[Start of section]

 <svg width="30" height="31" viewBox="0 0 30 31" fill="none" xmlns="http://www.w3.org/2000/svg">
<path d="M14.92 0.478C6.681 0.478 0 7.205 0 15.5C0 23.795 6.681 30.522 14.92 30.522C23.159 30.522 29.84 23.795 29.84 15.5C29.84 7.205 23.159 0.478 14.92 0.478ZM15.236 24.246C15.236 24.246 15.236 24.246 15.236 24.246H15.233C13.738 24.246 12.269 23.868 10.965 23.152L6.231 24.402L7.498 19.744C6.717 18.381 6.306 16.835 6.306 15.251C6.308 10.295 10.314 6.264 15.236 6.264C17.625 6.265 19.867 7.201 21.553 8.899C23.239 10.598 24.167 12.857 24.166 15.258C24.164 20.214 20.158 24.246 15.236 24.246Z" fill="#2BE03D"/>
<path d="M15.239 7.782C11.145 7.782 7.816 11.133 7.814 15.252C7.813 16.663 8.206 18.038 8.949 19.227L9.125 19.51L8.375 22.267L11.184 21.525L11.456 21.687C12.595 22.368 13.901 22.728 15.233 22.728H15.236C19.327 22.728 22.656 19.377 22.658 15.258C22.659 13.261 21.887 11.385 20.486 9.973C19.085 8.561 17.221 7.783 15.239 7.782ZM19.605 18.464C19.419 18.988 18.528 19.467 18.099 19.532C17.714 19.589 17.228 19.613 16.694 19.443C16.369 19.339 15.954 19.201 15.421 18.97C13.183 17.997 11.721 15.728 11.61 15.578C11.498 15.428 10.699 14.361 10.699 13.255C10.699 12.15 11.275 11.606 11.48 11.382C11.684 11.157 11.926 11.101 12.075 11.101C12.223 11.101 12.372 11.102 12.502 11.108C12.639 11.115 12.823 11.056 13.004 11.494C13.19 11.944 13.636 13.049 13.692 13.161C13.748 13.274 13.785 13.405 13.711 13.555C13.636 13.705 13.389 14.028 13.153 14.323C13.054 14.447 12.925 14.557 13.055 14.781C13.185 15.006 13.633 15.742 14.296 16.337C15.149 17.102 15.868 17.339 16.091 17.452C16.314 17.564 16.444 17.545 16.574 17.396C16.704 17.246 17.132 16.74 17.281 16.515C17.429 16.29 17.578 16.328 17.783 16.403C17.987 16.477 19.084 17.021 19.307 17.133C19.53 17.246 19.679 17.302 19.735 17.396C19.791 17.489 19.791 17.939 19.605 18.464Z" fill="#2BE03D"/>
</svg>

[End of section]
[Start of section]

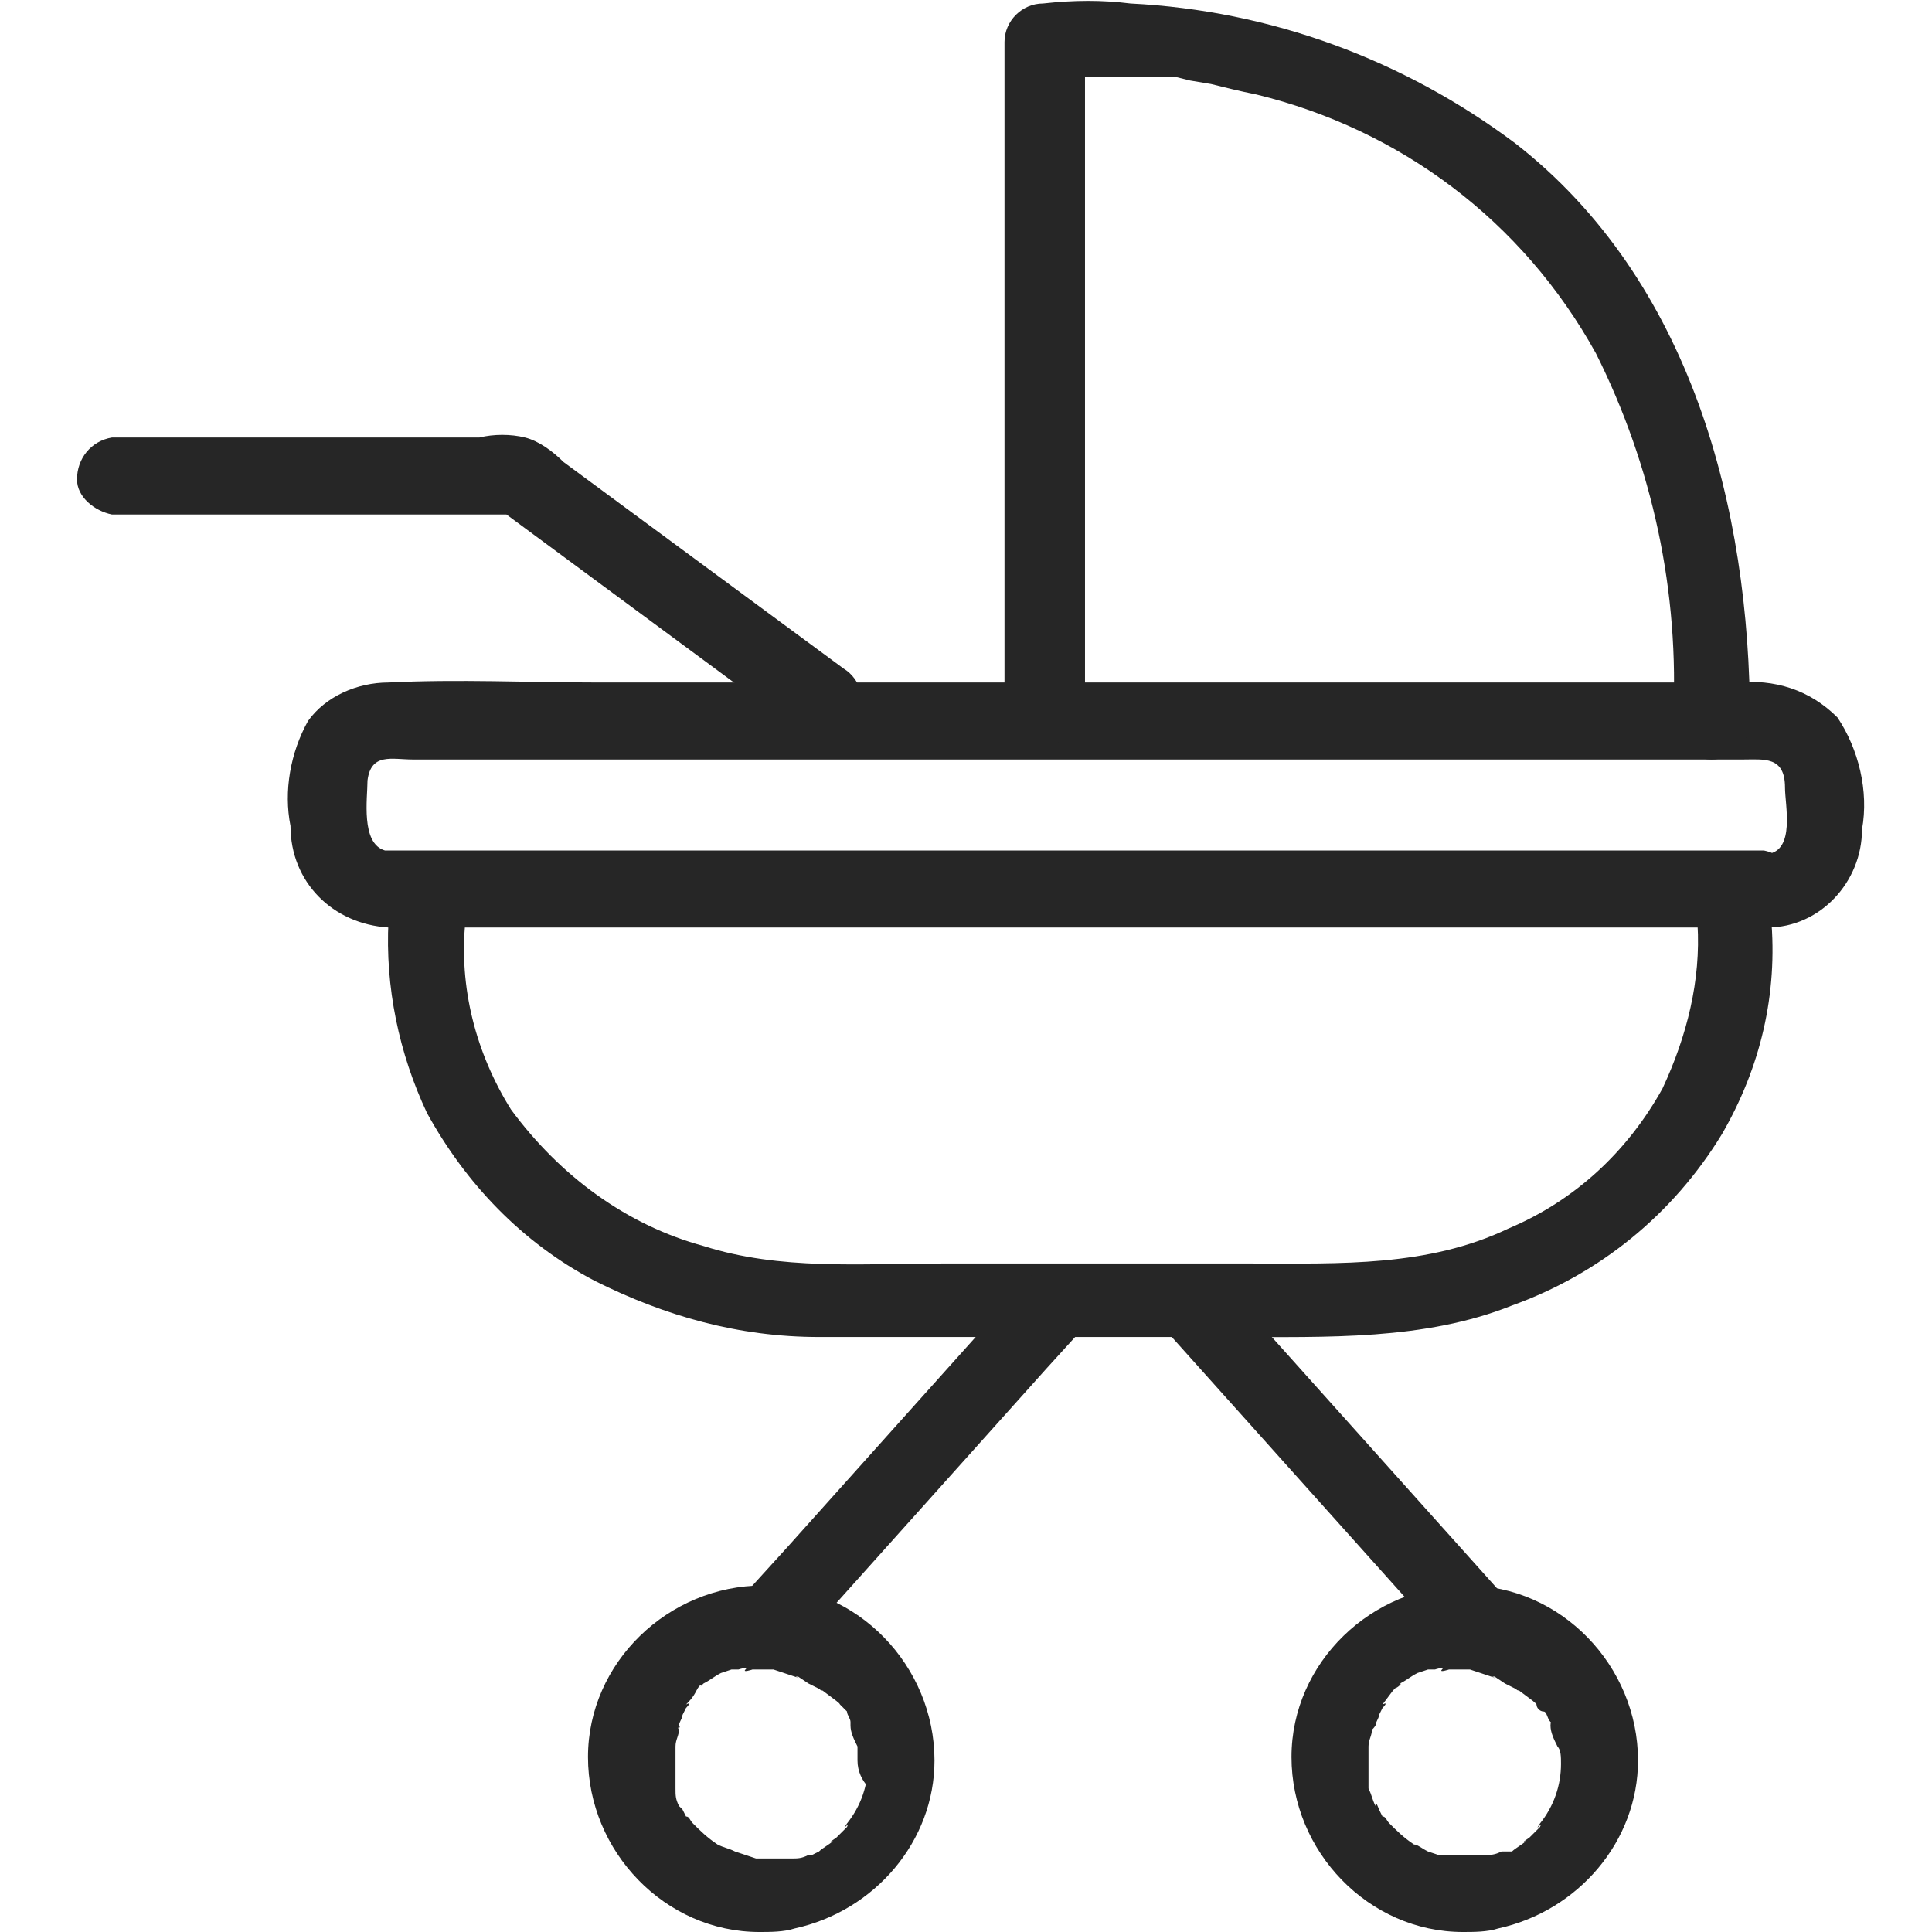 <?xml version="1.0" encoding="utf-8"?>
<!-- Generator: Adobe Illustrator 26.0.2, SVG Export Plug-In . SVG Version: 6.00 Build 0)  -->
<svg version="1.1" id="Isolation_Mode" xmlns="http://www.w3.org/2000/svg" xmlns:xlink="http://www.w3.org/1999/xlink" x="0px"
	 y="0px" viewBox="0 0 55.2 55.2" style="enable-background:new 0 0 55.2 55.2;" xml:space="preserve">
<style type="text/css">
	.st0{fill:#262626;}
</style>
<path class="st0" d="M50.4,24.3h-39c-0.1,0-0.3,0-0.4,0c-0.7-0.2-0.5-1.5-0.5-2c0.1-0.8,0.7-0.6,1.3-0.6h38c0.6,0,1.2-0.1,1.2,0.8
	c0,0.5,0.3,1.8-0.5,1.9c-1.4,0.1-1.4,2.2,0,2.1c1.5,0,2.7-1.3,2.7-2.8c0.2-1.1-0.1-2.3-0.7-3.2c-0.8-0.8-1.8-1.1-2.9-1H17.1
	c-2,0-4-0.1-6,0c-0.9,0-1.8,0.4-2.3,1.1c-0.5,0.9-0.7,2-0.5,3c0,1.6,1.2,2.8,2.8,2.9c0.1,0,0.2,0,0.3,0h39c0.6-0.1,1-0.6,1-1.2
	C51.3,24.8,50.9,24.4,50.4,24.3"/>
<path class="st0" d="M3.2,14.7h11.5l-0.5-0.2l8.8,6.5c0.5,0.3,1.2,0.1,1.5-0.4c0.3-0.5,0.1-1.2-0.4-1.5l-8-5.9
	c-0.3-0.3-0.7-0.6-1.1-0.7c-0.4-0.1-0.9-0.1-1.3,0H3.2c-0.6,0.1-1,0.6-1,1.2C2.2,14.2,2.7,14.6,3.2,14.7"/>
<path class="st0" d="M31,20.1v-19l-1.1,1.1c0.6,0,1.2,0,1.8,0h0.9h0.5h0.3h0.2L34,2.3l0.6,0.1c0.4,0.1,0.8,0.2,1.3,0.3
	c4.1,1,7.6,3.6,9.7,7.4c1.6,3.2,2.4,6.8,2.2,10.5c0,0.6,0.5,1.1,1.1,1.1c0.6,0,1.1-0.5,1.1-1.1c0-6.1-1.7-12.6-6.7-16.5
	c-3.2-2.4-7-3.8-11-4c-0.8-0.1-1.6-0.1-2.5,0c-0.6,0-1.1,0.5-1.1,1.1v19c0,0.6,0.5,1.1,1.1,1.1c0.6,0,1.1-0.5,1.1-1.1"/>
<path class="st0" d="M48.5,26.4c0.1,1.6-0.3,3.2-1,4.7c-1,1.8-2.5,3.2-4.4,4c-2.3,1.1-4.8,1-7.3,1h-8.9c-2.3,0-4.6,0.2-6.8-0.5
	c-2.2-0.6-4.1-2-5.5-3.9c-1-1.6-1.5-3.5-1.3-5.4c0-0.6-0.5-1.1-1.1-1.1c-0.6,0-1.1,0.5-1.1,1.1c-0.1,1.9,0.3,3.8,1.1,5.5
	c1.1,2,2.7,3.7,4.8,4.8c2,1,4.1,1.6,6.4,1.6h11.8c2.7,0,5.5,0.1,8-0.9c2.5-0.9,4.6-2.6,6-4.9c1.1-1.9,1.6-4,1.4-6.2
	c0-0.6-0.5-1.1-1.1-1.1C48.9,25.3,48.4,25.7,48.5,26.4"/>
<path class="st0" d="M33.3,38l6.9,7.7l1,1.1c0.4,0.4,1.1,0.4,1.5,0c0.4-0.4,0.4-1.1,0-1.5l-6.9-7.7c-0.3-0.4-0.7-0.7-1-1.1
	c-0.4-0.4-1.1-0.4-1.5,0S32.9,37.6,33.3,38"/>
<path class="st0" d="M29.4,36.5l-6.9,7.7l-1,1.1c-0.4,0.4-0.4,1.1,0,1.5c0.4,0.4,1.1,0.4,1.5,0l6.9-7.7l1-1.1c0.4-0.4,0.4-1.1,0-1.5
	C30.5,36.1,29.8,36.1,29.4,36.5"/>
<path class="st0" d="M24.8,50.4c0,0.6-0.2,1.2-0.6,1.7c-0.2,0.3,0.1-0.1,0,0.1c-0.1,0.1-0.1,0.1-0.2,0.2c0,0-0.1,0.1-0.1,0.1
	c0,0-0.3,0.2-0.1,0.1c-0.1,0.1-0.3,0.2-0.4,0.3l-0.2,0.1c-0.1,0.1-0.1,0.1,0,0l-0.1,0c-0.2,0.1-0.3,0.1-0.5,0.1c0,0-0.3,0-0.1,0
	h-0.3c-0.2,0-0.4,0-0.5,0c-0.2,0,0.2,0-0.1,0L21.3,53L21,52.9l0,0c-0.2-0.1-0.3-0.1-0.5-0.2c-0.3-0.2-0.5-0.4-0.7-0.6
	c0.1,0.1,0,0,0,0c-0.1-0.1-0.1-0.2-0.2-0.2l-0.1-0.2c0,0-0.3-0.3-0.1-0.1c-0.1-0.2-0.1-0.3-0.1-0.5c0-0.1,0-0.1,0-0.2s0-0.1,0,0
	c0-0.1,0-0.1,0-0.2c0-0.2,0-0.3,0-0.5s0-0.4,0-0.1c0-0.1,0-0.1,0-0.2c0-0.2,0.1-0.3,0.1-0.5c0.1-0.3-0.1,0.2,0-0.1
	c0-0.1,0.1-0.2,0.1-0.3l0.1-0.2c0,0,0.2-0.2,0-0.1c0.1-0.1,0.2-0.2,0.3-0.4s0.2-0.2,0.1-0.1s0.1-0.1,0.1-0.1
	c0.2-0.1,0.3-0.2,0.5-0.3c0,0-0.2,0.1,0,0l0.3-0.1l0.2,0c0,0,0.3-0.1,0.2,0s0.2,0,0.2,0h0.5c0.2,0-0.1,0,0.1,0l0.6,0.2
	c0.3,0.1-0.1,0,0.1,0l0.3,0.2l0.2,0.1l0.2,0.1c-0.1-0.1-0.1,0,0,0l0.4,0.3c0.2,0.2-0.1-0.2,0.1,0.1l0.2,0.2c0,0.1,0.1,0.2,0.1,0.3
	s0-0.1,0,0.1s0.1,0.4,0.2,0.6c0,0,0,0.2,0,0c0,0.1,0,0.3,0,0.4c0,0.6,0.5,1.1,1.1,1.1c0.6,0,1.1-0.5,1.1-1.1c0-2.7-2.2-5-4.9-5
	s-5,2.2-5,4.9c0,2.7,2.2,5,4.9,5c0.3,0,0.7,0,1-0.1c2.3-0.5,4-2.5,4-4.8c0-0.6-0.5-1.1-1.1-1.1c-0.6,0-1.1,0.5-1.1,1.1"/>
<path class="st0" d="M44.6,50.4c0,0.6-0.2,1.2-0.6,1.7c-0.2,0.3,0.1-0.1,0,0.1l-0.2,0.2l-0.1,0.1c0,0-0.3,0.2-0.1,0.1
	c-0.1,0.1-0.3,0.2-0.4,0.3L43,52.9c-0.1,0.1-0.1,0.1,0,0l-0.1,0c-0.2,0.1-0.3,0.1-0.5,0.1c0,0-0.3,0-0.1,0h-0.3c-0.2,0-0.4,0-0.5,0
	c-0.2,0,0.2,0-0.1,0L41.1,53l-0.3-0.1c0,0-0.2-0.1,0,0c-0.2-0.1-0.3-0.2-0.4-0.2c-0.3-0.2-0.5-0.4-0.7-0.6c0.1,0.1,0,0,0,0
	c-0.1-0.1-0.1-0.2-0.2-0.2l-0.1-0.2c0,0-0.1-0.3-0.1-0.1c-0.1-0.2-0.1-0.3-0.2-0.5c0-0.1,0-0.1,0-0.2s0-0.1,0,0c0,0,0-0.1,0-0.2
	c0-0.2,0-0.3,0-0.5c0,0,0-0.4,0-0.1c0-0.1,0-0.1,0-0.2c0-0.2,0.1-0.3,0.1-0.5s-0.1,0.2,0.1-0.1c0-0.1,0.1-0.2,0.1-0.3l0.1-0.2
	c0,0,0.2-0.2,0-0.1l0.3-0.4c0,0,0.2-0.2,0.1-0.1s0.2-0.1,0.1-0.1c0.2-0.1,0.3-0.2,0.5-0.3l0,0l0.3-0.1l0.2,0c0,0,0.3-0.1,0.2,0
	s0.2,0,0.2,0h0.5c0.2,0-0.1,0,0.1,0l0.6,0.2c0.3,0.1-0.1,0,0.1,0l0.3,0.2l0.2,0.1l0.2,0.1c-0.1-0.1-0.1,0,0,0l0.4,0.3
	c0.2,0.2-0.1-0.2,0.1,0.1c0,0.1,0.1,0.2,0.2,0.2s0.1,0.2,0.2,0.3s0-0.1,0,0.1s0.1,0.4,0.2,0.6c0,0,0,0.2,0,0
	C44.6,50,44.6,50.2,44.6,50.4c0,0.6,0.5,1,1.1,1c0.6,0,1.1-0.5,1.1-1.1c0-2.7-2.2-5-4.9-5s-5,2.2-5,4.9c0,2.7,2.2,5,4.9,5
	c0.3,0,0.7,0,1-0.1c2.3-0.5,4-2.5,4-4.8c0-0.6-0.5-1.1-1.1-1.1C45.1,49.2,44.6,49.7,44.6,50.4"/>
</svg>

[End of section]

▶ [What you should do]
In the records above, find the lines containing "http" and copy them.

▶ [Solution]
 <svg width="30" height="31" viewBox="0 0 30 31" fill="none" xmlns="http://www.w3.org/2000/svg">
<svg version="1.1" id="Isolation_Mode" xmlns="http://www.w3.org/2000/svg" xmlns:xlink="http://www.w3.org/1999/xlink" x="0px"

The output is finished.